JAX's functional transformations, including grad, jvp, and vjp, are designed to be composable. This means you can apply transformations to functions that are themselves the result of other transformations. This powerful feature allows for the computation of derivatives of higher orders, opening doors to sophisticated analysis and optimization techniques.

Composing Differentiation Functions

The most straightforward way to think about higher-order derivatives is by applying differentiation functions repeatedly. For a simple scalar function $f: \mathbb{R} \to \mathbb{R}$ , computing the second derivative is as simple as applying jax.grad twice:

import jax
import jax.numpy as jnp

def f(x):
  return x**3 + 2*x**2 - 3*x + 1

# First derivative
grad_f = jax.grad(f)

# Second derivative
grad_grad_f = jax.grad(grad_f) # Or equivalently, jax.grad(jax.grad(f))

# Evaluate at x = 2.0
x_val = 2.0
first_deriv = grad_f(x_val)
second_deriv = grad_grad_f(x_val)

print(f"f(x) = x^3 + 2x^2 - 3x + 1")
print(f"f'(x) = 3x^2 + 4x - 3")
print(f"f''(x) = 6x + 4")
print(f"f'({x_val}) = {first_deriv}")   # Expected: 3*(2^2) + 4*2 - 3 = 12 + 8 - 3 = 17
print(f"f''({x_val}) = {second_deriv}")  # Expected: 6*2 + 4 = 12 + 4 = 16

This composition works exactly as you might expect from calculus. grad(f) returns a function that computes the first derivative, and applying grad to that function yields another function computing the second derivative. This principle extends readily to third or even higher-order derivatives for scalar functions.

Hessian-Vector Products (HVPs)

For multivariate functions $f: \mathbb{R}^n \to \mathbb{R}$ , simply composing grad twice doesn't directly yield the Hessian matrix (the matrix of second-order partial derivatives). Instead, grad(grad(f)) would compute the gradient of the gradient function, which isn't quite the Hessian structure.

Often in optimization algorithms (like Newton's method or truncated Newton methods), we don't need the full Hessian matrix $H$ . Instead, we need to compute the product of the Hessian matrix with a vector $v$ , known as a Hessian-vector product (HVP): $Hv$ . Computing HVPs can be significantly more efficient than forming the full Hessian, especially when $n$ is large.

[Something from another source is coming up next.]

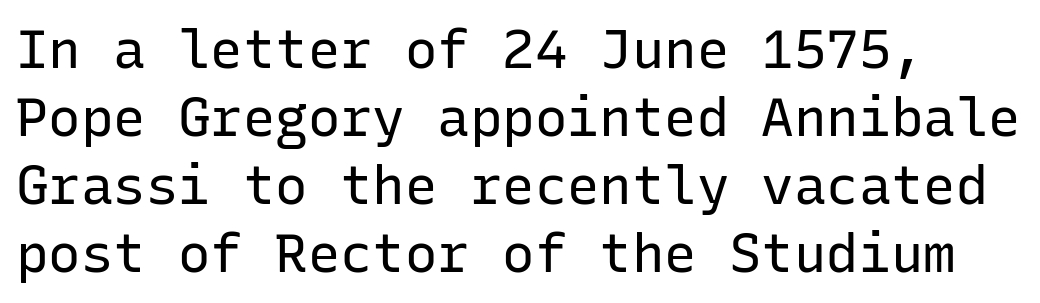
The image shows 54 px regular-weight sans-serif type, upright, monospaced; set normal line spacing (1.26x), normal letter spacing, not underlined; low stroke contrast and a medium x-height.

JAX allows computing HVPs efficiently by composing forward-mode (jvp) and reverse-mode (vjp or grad) differentiation. Recall that jax.grad(f) is essentially built upon jax.vjp.

There are two primary ways to compute $H v$ :

Forward-over-Reverse: Compute the JVP of the gradient function. Let $g(x) = \nabla f(x)$ . We want to compute the JVP of $g$ with the tangent vector $v$ .
$\text{JVP}(g, x, v) = \frac{\partial g(x)}{\partial x} v = \frac{\partial (\nabla f(x))}{\partial x} v = H(x) v$
In JAX, this translates to:
```
def hvp_forward_over_reverse(f, primals, tangents):
  # Compute H @ v using jvp(grad(f))
  return jax.jvp(jax.grad(f), primals, tangents)[1]
```
The [1] selects the output part of the jvp result, which corresponds to the product term.
Reverse-over-Forward: Compute the VJP of the JVP function applied to a fixed vector $v$ . This is slightly less direct. Consider the function $h(x) = (\nabla f(x))^\top v = \text{jnp.dot}(\nabla f(x), v)$ . The gradient of $h(x)$ is $\nabla h(x) = H(x) v$ . In JAX, this translates to:
```
def hvp_reverse_over_reverse(f, primals, tangents):
    # Compute H @ v using grad(lambda x: jnp.dot(grad(f)(x), v))
    x, = primals
    v, = tangents
    # Need lambda to close over v
    return jax.grad(lambda x_lambda: jnp.dot(jax.grad(f)(x_lambda), v))(x)
```
Note the use of a lambda function to properly capture the vector v within the gradient computation.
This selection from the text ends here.